The sky before a typhoon. View from my garden.

Happy Autumn!

As the days cool and grow shorter and the darkness spreads its ebony fingers, are you ready for some chills and thrills?

Yes, it’s that time of year again when I make – and often fail to complete – a plan for my October reading. As the theme is Hallowe’en, my chosen genre is horror or any kind of weird fiction. I’m planning to focus on novellas and short stories this year as my reading-time has shrunk over the last few months. So, without further ado, here is my list of stories to read as I tentatively set foot into the October country.
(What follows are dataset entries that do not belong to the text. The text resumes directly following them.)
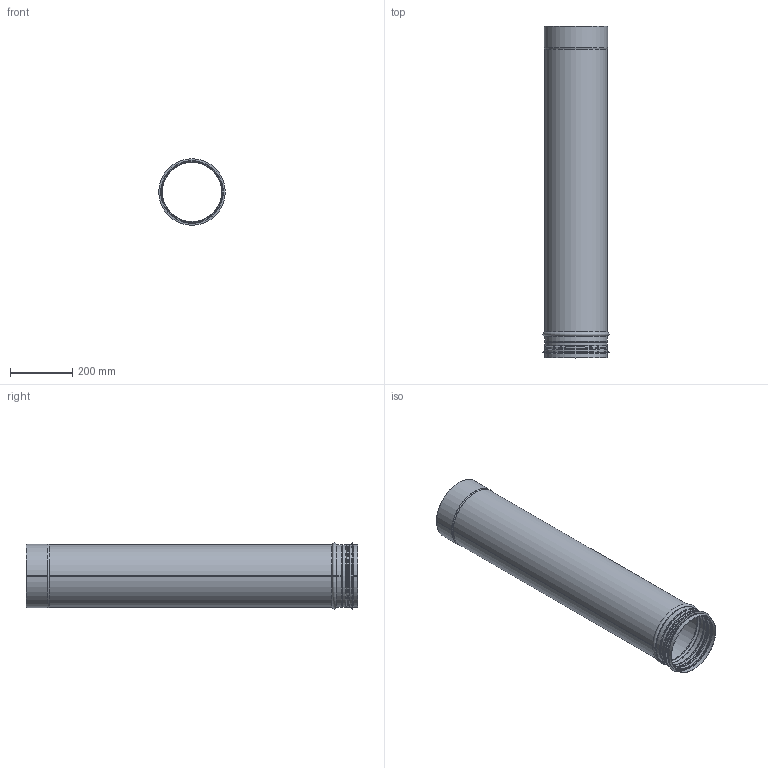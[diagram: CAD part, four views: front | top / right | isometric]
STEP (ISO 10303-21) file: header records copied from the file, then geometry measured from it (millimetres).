
FILE_DESCRIPTION(/* description */ ('Rörämne imkanal'),/* implementation_level */ '2;1');
FILE_NAME(/* name */ 'HRH-21.stp',/* time_stamp */ '2016-02-11T08:26:03+01:00',/* author */ ('John'),/* organization */ (''),/* preprocessor_version */ 'ST-DEVELOPER v15.6',/* originating_system */ 'Autodesk Inventor 2015',/* authorisation */ '');
FILE_SCHEMA (('AUTOMOTIVE_DESIGN { 1 0 10303 214 3 1 1 }'));
Length unit declared in the file: millimetre
Products named in the file (4): HRH-AA-21; HIK-AA-4; HIK-AB-4; HRH-21
Assembly tree (3 placements, depth 2):
  HRH-21
    HRH-AA-21
    HIK-AA-4
    HIK-AB-4
Bounding box: 214.6 x 1070 x 214.6 mm (x, y, z)
Volume: 714548.4 mm3; surface area: 1413005.4 mm2
Topology: 3 solids, 3 shells, 120 faces, 236 edges, 122 vertices
Faces by surface type: plane 56, torus 32, cylinder 20, cone 12
Full cylindrical faces by diameter (mm): 197 x2, 200.6 x2, 201.6 x1, 214.6 x1
Entity records: 3145 total; most frequent: DIRECTION 598, CARTESIAN_POINT 471, ORIENTED_EDGE 444, AXIS2_PLACEMENT_3D 249, EDGE_CURVE 222, EDGE_LOOP 138, STYLED_ITEM 123, CIRCLE 122

Holt House (1972) by L.G. Vey

The first work to be released to the general public by the secretive Eden Book Society. Here is a brief description of them, followed by a synopsis of the book:

‘Established in 1919, The Eden Book Society was a private publisher of horror for nearly 100 years. Presided over by the Eden family, the press passed through the generations publishing short horror novellas to a private list of subscribers. Eden books were always published under pseudonyms and, until now, have never been available to the public.’

Holt House by L.G. Vey

‘It’s a quiet house, sheltered, standing in a mass of tangled old trees called the Holtwood. Raymond watches it. He’s been thinking about the elderly owners, Mr and Mrs Latch, who took him in one night when he was a frightened boy. Mr Latch showed him something that was kept in a wardrobe in the spare room. He can’t remember what it was. He only knows how sick it made him feel. Raymond watches Holt House. He has to remember what he saw.

He has to get inside.’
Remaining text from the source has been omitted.